(Stored dataset items)
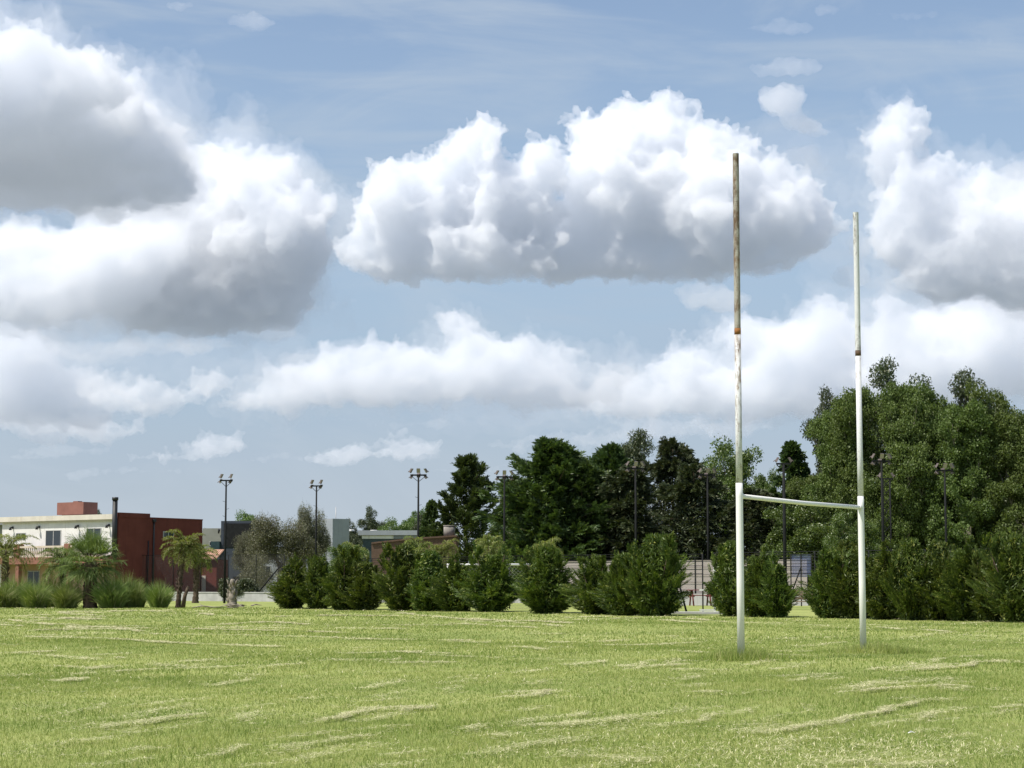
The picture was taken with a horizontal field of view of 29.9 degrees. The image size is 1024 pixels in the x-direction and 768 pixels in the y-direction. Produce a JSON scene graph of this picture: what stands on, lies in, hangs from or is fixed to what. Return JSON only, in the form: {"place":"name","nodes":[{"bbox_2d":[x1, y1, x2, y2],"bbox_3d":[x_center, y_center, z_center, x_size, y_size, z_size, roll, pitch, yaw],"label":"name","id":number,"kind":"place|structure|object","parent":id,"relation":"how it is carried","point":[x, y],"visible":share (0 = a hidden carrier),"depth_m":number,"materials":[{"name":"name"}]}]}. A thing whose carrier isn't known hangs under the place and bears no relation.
{"place":"outdoors","nodes":[
{"label":"outdoors","id":0,"kind":"place"},
{"bbox_2d":[0,601,1023,767],"bbox_3d":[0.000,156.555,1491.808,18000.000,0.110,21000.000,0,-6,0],"label":"ground","id":1,"kind":"structure","parent":0,"point":[801,612],"depth_m":25.27,"materials":[{"name":"green plant"}]},
{"bbox_2d":[0,579,21,607],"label":"grass clump","id":2,"kind":"object","parent":1,"relation":"on","point":[7,598],"visible":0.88,"depth_m":111.54,"materials":[{"name":"green plant"}]},
{"bbox_2d":[2,572,34,607],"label":"grass clump","id":3,"kind":"object","parent":1,"relation":"on","point":[20,583],"visible":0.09,"depth_m":116.07,"materials":[{"name":"green plant"}]},
{"bbox_2d":[0,533,39,585],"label":"palm tree","id":4,"kind":"object","parent":1,"relation":"on","point":[5,557],"visible":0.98,"depth_m":123.29,"materials":[{"name":"green plant"}]},
{"bbox_2d":[14,577,54,607],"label":"grass clump","id":5,"kind":"object","parent":1,"relation":"on","point":[34,597],"visible":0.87,"depth_m":111.39,"materials":[{"name":"green plant"}]},
{"bbox_2d":[36,546,89,587],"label":"palm tree","id":6,"kind":"object","parent":1,"relation":"on","point":[56,555],"visible":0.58,"depth_m":116.14,"materials":[{"name":"green plant"}]},
{"bbox_2d":[44,580,86,608],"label":"grass clump","id":7,"kind":"object","parent":1,"relation":"on","point":[60,597],"visible":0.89,"depth_m":110.90,"materials":[{"name":"green plant"}]},
{"bbox_2d":[52,526,127,607],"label":"palm tree","id":8,"kind":"object","parent":1,"relation":"on","point":[88,545],"visible":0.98,"depth_m":111.53,"materials":[{"name":"green plant"}]},
{"bbox_2d":[0,497,202,599],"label":"white house","id":9,"kind":"structure","parent":1,"relation":"on","point":[139,535],"depth_m":163.27,"materials":[{"name":"concrete"}]},
{"bbox_2d":[27,571,39,587],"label":"window","id":10,"kind":"structure","parent":9,"relation":"in","point":[36,574],"depth_m":164.87,"materials":[{"name":"glass"}]},
{"bbox_2d":[45,530,60,553],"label":"window","id":11,"kind":"structure","parent":9,"relation":"in","point":[52,537],"depth_m":163.93,"materials":[{"name":"glass"}]},
{"bbox_2d":[86,574,137,607],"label":"grass clump","id":12,"kind":"object","parent":1,"relation":"on","point":[110,597],"visible":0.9,"depth_m":111.09,"materials":[{"name":"green plant"}]},
{"bbox_2d":[123,577,150,607],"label":"grass clump","id":13,"kind":"object","parent":1,"relation":"on","point":[136,601],"visible":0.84,"depth_m":111.53,"materials":[{"name":"green plant"}]},
{"bbox_2d":[142,577,177,607],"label":"grass clump","id":14,"kind":"object","parent":1,"relation":"on","point":[160,596],"visible":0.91,"depth_m":111.09,"materials":[{"name":"green plant"}]},
{"bbox_2d":[159,528,207,607],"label":"palm tree","id":15,"kind":"object","parent":1,"relation":"on","point":[184,543],"visible":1,"depth_m":112.31,"materials":[{"name":"green plant"}]},
{"bbox_2d":[178,544,218,602],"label":"palm tree","id":16,"kind":"object","parent":1,"relation":"on","point":[196,585],"visible":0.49,"depth_m":137.22,"materials":[{"name":"green plant"}]},
{"bbox_2d":[142,554,284,591],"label":"wire fence","id":17,"kind":"object","parent":1,"relation":"on","point":[215,570],"visible":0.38,"depth_m":159.28,"materials":[{"name":"metal"}]},
{"bbox_2d":[201,549,227,591],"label":"red annex","id":18,"kind":"object","parent":1,"relation":"on","point":[220,551],"visible":0.36,"depth_m":170.97,"materials":[{"name":"tile"}]},
{"bbox_2d":[217,474,232,602],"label":"floodlight mast","id":19,"kind":"object","parent":1,"relation":"on","point":[224,545],"visible":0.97,"depth_m":135.60,"materials":[{"name":"metal"}]},
{"bbox_2d":[226,579,237,607],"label":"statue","id":20,"kind":"object","parent":1,"relation":"on","point":[232,595],"visible":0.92,"depth_m":110.17,"materials":[{"name":"beige stone"}]},
{"bbox_2d":[235,577,257,595],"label":"round shrub","id":21,"kind":"object","parent":1,"relation":"on","point":[243,585],"visible":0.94,"depth_m":152.51,"materials":[{"name":"green plant"}]},
{"bbox_2d":[231,528,271,591],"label":"grey tree","id":22,"kind":"object","parent":1,"relation":"on","point":[239,550],"visible":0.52,"depth_m":174.71,"materials":[{"name":"green plant"}]},
{"bbox_2d":[202,521,306,591],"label":"blue block house","id":23,"kind":"structure","parent":1,"relation":"on","point":[213,538],"depth_m":189.23,"materials":[{"name":"metal"}]},
{"bbox_2d":[236,511,323,587],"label":"grey tree","id":24,"kind":"object","parent":1,"relation":"on","point":[268,535],"visible":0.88,"depth_m":169.67,"materials":[{"name":"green plant"}]},
{"bbox_2d":[264,552,307,608],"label":"hedge conifer","id":25,"kind":"object","parent":1,"relation":"on","point":[284,593],"visible":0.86,"depth_m":108.26,"materials":[{"name":"green plant"}]},
{"bbox_2d":[290,553,333,608],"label":"hedge conifer","id":26,"kind":"object","parent":1,"relation":"on","point":[312,594],"visible":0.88,"depth_m":106.99,"materials":[{"name":"green plant"}]},
{"bbox_2d":[296,500,331,567],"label":"grey tree","id":27,"kind":"object","parent":1,"relation":"on","point":[324,540],"visible":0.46,"depth_m":176.68,"materials":[{"name":"green plant"}]},
{"bbox_2d":[309,480,322,555],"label":"floodlight mast","id":28,"kind":"object","parent":1,"relation":"on","point":[319,487],"visible":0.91,"depth_m":143.73,"materials":[{"name":"metal"}]},
{"bbox_2d":[316,544,361,609],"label":"hedge conifer","id":29,"kind":"object","parent":1,"relation":"on","point":[343,562],"visible":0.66,"depth_m":103.94,"materials":[{"name":"green plant"}]},
{"bbox_2d":[327,541,368,572],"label":"leafy tree","id":30,"kind":"object","parent":1,"relation":"on","point":[333,551],"visible":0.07,"depth_m":117.73,"materials":[{"name":"green plant"}]},
{"bbox_2d":[346,517,362,559],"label":"leafy tree","id":31,"kind":"object","parent":1,"relation":"on","point":[355,538],"visible":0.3,"depth_m":288.58,"materials":[{"name":"green plant"}]},
{"bbox_2d":[332,552,384,609],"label":"hedge conifer","id":32,"kind":"object","parent":1,"relation":"on","point":[363,595],"visible":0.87,"depth_m":102.92,"materials":[{"name":"green plant"}]},
{"bbox_2d":[307,516,416,573],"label":"grey flat house","id":33,"kind":"structure","parent":1,"relation":"on","point":[338,531],"depth_m":206.13,"materials":[{"name":"teal concrete"}]},
{"bbox_2d":[357,505,389,547],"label":"leafy tree","id":34,"kind":"object","parent":1,"relation":"on","point":[372,523],"visible":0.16,"depth_m":268.64,"materials":[{"name":"green plant"}]},
{"bbox_2d":[368,542,421,610],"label":"hedge conifer","id":35,"kind":"object","parent":1,"relation":"on","point":[397,567],"visible":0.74,"depth_m":100.28,"materials":[{"name":"green plant"}]},
{"bbox_2d":[377,516,412,529],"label":"leafy tree","id":36,"kind":"object","parent":1,"relation":"on","point":[391,524],"visible":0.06,"depth_m":259.34,"materials":[{"name":"green plant"}]},
{"bbox_2d":[401,507,425,529],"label":"leafy tree","id":37,"kind":"object","parent":1,"relation":"on","point":[412,520],"visible":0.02,"depth_m":278.59,"materials":[{"name":"green plant"}]},
{"bbox_2d":[371,535,459,576],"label":"brick building","id":38,"kind":"structure","parent":1,"relation":"on","point":[376,550],"depth_m":149.49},
{"bbox_2d":[408,468,428,542],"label":"floodlight mast","id":39,"kind":"object","parent":1,"relation":"on","point":[418,474],"visible":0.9,"depth_m":127.94,"materials":[{"name":"metal"}]},
{"bbox_2d":[403,535,435,554],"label":"palm tree","id":40,"kind":"object","parent":1,"relation":"on","point":[419,547],"visible":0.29,"depth_m":117.35,"materials":[{"name":"green plant"}]},
{"bbox_2d":[404,549,444,610],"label":"hedge conifer","id":41,"kind":"object","parent":1,"relation":"on","point":[430,563],"visible":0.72,"depth_m":98.36,"materials":[{"name":"green plant"}]},
{"bbox_2d":[419,499,440,536],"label":"conifer tree","id":42,"kind":"object","parent":1,"relation":"on","point":[430,516],"visible":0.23,"depth_m":169.39,"materials":[{"name":"green plant"}]},
{"bbox_2d":[429,537,459,567],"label":"palm tree","id":43,"kind":"object","parent":1,"relation":"on","point":[444,550],"visible":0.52,"depth_m":121.27,"materials":[{"name":"green plant"}]},
{"bbox_2d":[419,553,472,610],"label":"hedge conifer","id":44,"kind":"object","parent":1,"relation":"on","point":[447,600],"visible":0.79,"depth_m":96.50,"materials":[{"name":"green plant"}]},
{"bbox_2d":[281,554,619,608],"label":"court fence","id":45,"kind":"object","parent":1,"relation":"on","point":[371,560],"visible":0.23,"depth_m":106.76,"materials":[{"name":"metal"}]},
{"bbox_2d":[423,452,498,566],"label":"conifer tree","id":46,"kind":"object","parent":1,"relation":"on","point":[469,479],"visible":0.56,"depth_m":161.99,"materials":[{"name":"green plant"}]},
{"bbox_2d":[449,539,520,611],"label":"hedge conifer","id":47,"kind":"object","parent":1,"relation":"on","point":[486,583],"visible":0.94,"depth_m":94.70,"materials":[{"name":"green plant"}]},
{"bbox_2d":[472,533,507,599],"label":"palm tree","id":48,"kind":"object","parent":1,"relation":"on","point":[490,548],"visible":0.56,"depth_m":113.34,"materials":[{"name":"green plant"}]},
{"bbox_2d":[173,592,808,605],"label":"wall","id":49,"kind":"structure","parent":1,"relation":"on","point":[245,596],"depth_m":151.43,"materials":[{"name":"concrete"}]},
{"bbox_2d":[494,470,513,559],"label":"floodlight mast","id":50,"kind":"object","parent":1,"relation":"on","point":[504,476],"visible":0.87,"depth_m":130.91,"materials":[{"name":"metal"}]},
{"bbox_2d":[480,475,529,575],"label":"conifer tree","id":51,"kind":"object","parent":1,"relation":"on","point":[515,477],"visible":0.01,"depth_m":148.86,"materials":[{"name":"green plant"}]},
{"bbox_2d":[0,607,1023,767],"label":"dry clippings","id":52,"kind":"object","parent":1,"relation":"on","point":[574,722],"visible":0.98,"depth_m":21.93,"materials":[{"name":"beige plant"}]},
{"bbox_2d":[469,436,613,581],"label":"conifer tree","id":53,"kind":"object","parent":1,"relation":"on","point":[549,471],"visible":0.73,"depth_m":140.14,"materials":[{"name":"green plant"}]},
{"bbox_2d":[505,541,580,613],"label":"hedge conifer","id":54,"kind":"object","parent":1,"relation":"on","point":[547,571],"visible":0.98,"depth_m":90.81,"materials":[{"name":"green plant"}]},
{"bbox_2d":[528,537,564,562],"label":"palm tree","id":55,"kind":"object","parent":1,"relation":"on","point":[551,542],"visible":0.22,"depth_m":107.27,"materials":[{"name":"green plant"}]},
{"bbox_2d":[554,553,610,613],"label":"hedge conifer","id":56,"kind":"object","parent":1,"relation":"on","point":[595,564],"visible":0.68,"depth_m":88.48,"materials":[{"name":"green plant"}]},
{"bbox_2d":[537,458,632,577],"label":"conifer tree","id":57,"kind":"object","parent":1,"relation":"on","point":[587,481],"visible":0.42,"depth_m":140.56,"materials":[{"name":"green plant"}]},
{"bbox_2d":[587,441,633,559],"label":"conifer tree","id":58,"kind":"object","parent":1,"relation":"on","point":[611,457],"visible":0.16,"depth_m":147.70,"materials":[{"name":"green plant"}]},
{"bbox_2d":[586,540,652,615],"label":"hedge conifer","id":59,"kind":"object","parent":1,"relation":"on","point":[612,594],"visible":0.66,"depth_m":86.22,"materials":[{"name":"green plant"}]},
{"bbox_2d":[625,461,645,547],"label":"floodlight mast","id":60,"kind":"object","parent":1,"relation":"on","point":[634,468],"visible":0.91,"depth_m":121.93,"materials":[{"name":"metal"}]},
{"bbox_2d":[619,428,655,481],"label":"slender tree","id":61,"kind":"object","parent":1,"relation":"on","point":[634,448],"visible":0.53,"depth_m":167.56,"materials":[{"name":"green plant"}]},
{"bbox_2d":[582,464,693,581],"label":"conifer tree","id":62,"kind":"object","parent":1,"relation":"on","point":[621,484],"visible":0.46,"depth_m":139.78,"materials":[{"name":"green plant"}]},
{"bbox_2d":[616,531,694,615],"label":"hedge conifer","id":63,"kind":"object","parent":1,"relation":"on","point":[655,566],"visible":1,"depth_m":84.84,"materials":[{"name":"green plant"}]},
{"bbox_2d":[625,436,713,585],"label":"conifer tree","id":64,"kind":"object","parent":1,"relation":"on","point":[664,467],"visible":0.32,"depth_m":145.32,"materials":[{"name":"green plant"}]},
{"bbox_2d":[632,462,735,593],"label":"conifer tree","id":65,"kind":"object","parent":1,"relation":"on","point":[688,490],"visible":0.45,"depth_m":138.97,"materials":[{"name":"green plant"}]},
{"bbox_2d":[563,559,807,593],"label":"windbreak fence","id":66,"kind":"object","parent":1,"relation":"on","point":[698,586],"visible":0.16,"depth_m":127.58,"materials":[{"name":"metal"}]},
{"bbox_2d":[678,554,703,608],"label":"court fence","id":67,"kind":"object","parent":1,"relation":"on","point":[698,573],"visible":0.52,"depth_m":96.19,"materials":[{"name":"metal"}]},
{"bbox_2d":[697,468,716,583],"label":"floodlight mast","id":68,"kind":"object","parent":1,"relation":"on","point":[706,474],"visible":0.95,"depth_m":128.83,"materials":[{"name":"metal"}]},
{"bbox_2d":[703,540,746,616],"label":"hedge conifer","id":69,"kind":"object","parent":1,"relation":"on","point":[721,582],"visible":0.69,"depth_m":82.13,"materials":[{"name":"green plant"}]},
{"bbox_2d":[702,433,767,547],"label":"leafy tree","id":70,"kind":"object","parent":1,"relation":"on","point":[723,451],"visible":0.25,"depth_m":161.82,"materials":[{"name":"green plant"}]},
{"bbox_2d":[728,543,770,616],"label":"hedge conifer","id":71,"kind":"object","parent":1,"relation":"on","point":[753,572],"visible":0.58,"depth_m":80.39,"materials":[{"name":"green plant"}]},
{"bbox_2d":[693,487,810,590],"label":"conifer tree","id":72,"kind":"object","parent":1,"relation":"on","point":[753,511],"visible":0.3,"depth_m":136.75,"materials":[{"name":"green plant"}]},
{"bbox_2d":[744,466,785,546],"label":"leafy tree","id":73,"kind":"object","parent":1,"relation":"on","point":[767,486],"visible":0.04,"depth_m":159.53,"materials":[{"name":"green plant"}]},
{"bbox_2d":[745,549,801,617],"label":"hedge conifer","id":74,"kind":"object","parent":1,"relation":"on","point":[776,597],"visible":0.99,"depth_m":78.97,"materials":[{"name":"green plant"}]},
{"bbox_2d":[751,440,814,549],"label":"conifer tree","id":75,"kind":"object","parent":1,"relation":"on","point":[791,449],"visible":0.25,"depth_m":151.64,"materials":[{"name":"green plant"}]},
{"bbox_2d":[773,457,793,587],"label":"floodlight mast","id":76,"kind":"object","parent":1,"relation":"on","point":[783,469],"visible":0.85,"depth_m":111.76,"materials":[{"name":"metal"}]},
{"bbox_2d":[733,153,866,656],"bbox_3d":[5.654,0.668,37.381,0.136,9.428,5.740,-4,-7,33],"label":"rugby goal","id":77,"kind":"object","parent":1,"relation":"on","point":[741,496],"visible":0.98,"depth_m":35.43,"materials":[{"name":"white paint"}]},
{"bbox_2d":[790,554,811,605],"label":"windbreak fence","id":78,"kind":"object","parent":1,"relation":"on","point":[800,570],"visible":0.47,"depth_m":116.45,"materials":[{"name":"metal"}]},
{"bbox_2d":[758,494,844,585],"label":"leafy tree","id":79,"kind":"object","parent":1,"relation":"on","point":[802,534],"visible":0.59,"depth_m":129.44,"materials":[{"name":"green plant"}]},
{"bbox_2d":[785,474,827,570],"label":"poplar tree","id":80,"kind":"object","parent":1,"relation":"on","point":[793,489],"visible":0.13,"depth_m":139.06,"materials":[{"name":"green plant"}]},
{"bbox_2d":[796,544,857,617],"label":"hedge conifer","id":81,"kind":"object","parent":1,"relation":"on","point":[820,604],"visible":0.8,"depth_m":77.05,"materials":[{"name":"green plant"}]},
{"bbox_2d":[798,409,866,569],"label":"poplar tree","id":82,"kind":"object","parent":1,"relation":"on","point":[823,449],"visible":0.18,"depth_m":132.39,"materials":[{"name":"green plant"}]},
{"bbox_2d":[800,384,876,497],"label":"leafy tree","id":83,"kind":"object","parent":1,"relation":"on","point":[826,405],"visible":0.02,"depth_m":149.73,"materials":[{"name":"green plant"}]},
{"bbox_2d":[817,539,872,618],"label":"hedge conifer","id":84,"kind":"object","parent":1,"relation":"on","point":[849,605],"visible":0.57,"depth_m":76.40,"materials":[{"name":"green plant"}]},
{"bbox_2d":[820,509,885,558],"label":"leafy tree","id":85,"kind":"object","parent":1,"relation":"on","point":[870,533],"visible":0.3,"depth_m":117.36,"materials":[{"name":"green plant"}]},
{"bbox_2d":[713,548,1003,571],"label":"court fence","id":86,"kind":"object","parent":1,"relation":"on","point":[815,566],"visible":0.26,"depth_m":91.61,"materials":[{"name":"metal"}]},
{"bbox_2d":[823,383,898,551],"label":"poplar tree","id":87,"kind":"object","parent":1,"relation":"on","point":[843,425],"visible":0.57,"depth_m":129.53,"materials":[{"name":"green plant"}]},
{"bbox_2d":[852,539,901,619],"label":"hedge conifer","id":88,"kind":"object","parent":1,"relation":"on","point":[877,607],"visible":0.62,"depth_m":74.65,"materials":[{"name":"green plant"}]},
{"bbox_2d":[869,453,892,546],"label":"floodlight mast","id":89,"kind":"object","parent":1,"relation":"on","point":[880,461],"visible":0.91,"depth_m":113.98,"materials":[{"name":"metal"}]},
{"bbox_2d":[876,473,895,551],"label":"floodlight mast","id":90,"kind":"object","parent":1,"relation":"on","point":[889,495],"visible":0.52,"depth_m":117.85,"materials":[{"name":"metal"}]},
{"bbox_2d":[863,392,938,556],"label":"poplar tree","id":91,"kind":"object","parent":1,"relation":"on","point":[911,468],"visible":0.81,"depth_m":125.93,"materials":[{"name":"green plant"}]},
{"bbox_2d":[866,354,942,495],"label":"leafy tree","id":92,"kind":"object","parent":1,"relation":"on","point":[881,379],"visible":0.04,"depth_m":153.88,"materials":[{"name":"green plant"}]},
{"bbox_2d":[878,536,937,619],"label":"hedge conifer","id":93,"kind":"object","parent":1,"relation":"on","point":[907,558],"visible":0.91,"depth_m":73.82,"materials":[{"name":"green plant"}]},
{"bbox_2d":[874,380,956,547],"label":"poplar tree","id":94,"kind":"object","parent":1,"relation":"on","point":[900,396],"visible":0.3,"depth_m":131.00,"materials":[{"name":"green plant"}]},
{"bbox_2d":[909,540,962,620],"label":"hedge conifer","id":95,"kind":"object","parent":1,"relation":"on","point":[938,554],"visible":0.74,"depth_m":73.24,"materials":[{"name":"green plant"}]},
{"bbox_2d":[933,463,954,546],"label":"floodlight mast","id":96,"kind":"object","parent":1,"relation":"on","point":[942,470],"visible":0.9,"depth_m":118.94,"materials":[{"name":"metal"}]},
{"bbox_2d":[931,535,987,620],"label":"hedge conifer","id":97,"kind":"object","parent":1,"relation":"on","point":[953,603],"visible":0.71,"depth_m":72.29,"materials":[{"name":"green plant"}]},
{"bbox_2d":[915,397,1005,560],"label":"poplar tree","id":98,"kind":"object","parent":1,"relation":"on","point":[963,449],"visible":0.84,"depth_m":125.67,"materials":[{"name":"green plant"}]},
{"bbox_2d":[942,367,1020,504],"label":"leafy tree","id":99,"kind":"object","parent":1,"relation":"on","point":[957,389],"visible":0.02,"depth_m":155.96,"materials":[{"name":"green plant"}]},
{"bbox_2d":[961,544,1002,621],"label":"hedge conifer","id":100,"kind":"object","parent":1,"relation":"on","point":[984,614],"visible":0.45,"depth_m":71.52,"materials":[{"name":"green plant"}]},
{"bbox_2d":[963,378,1021,560],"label":"poplar tree","id":101,"kind":"object","parent":1,"relation":"on","point":[984,397],"visible":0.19,"depth_m":126.50,"materials":[{"name":"green plant"}]},
{"bbox_2d":[966,527,1023,622],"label":"hedge conifer","id":102,"kind":"object","parent":1,"relation":"on","point":[1004,591],"visible":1,"depth_m":70.30,"materials":[{"name":"green plant"}]},
{"bbox_2d":[967,408,1023,559],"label":"poplar tree","id":103,"kind":"object","parent":1,"relation":"on","point":[1011,435],"visible":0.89,"depth_m":125.07,"materials":[{"name":"green plant"}]},
{"bbox_2d":[0,0,1023,562],"label":"sky","id":104,"kind":"structure","parent":0,"point":[276,246],"materials":[{"name":"blue"}]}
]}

EXERCISE BRIEF →
The word "window" appears in some lines above. Return every one of those lines.

SOLUTION TO THIS PROBLEM →
{"bbox_2d":[27,571,39,587],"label":"window","id":10,"kind":"structure","parent":9,"relation":"in","point":[36,574],"depth_m":164.87,"materials":[{"name":"glass"}]},
{"bbox_2d":[45,530,60,553],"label":"window","id":11,"kind":"structure","parent":9,"relation":"in","point":[52,537],"depth_m":163.93,"materials":[{"name":"glass"}]},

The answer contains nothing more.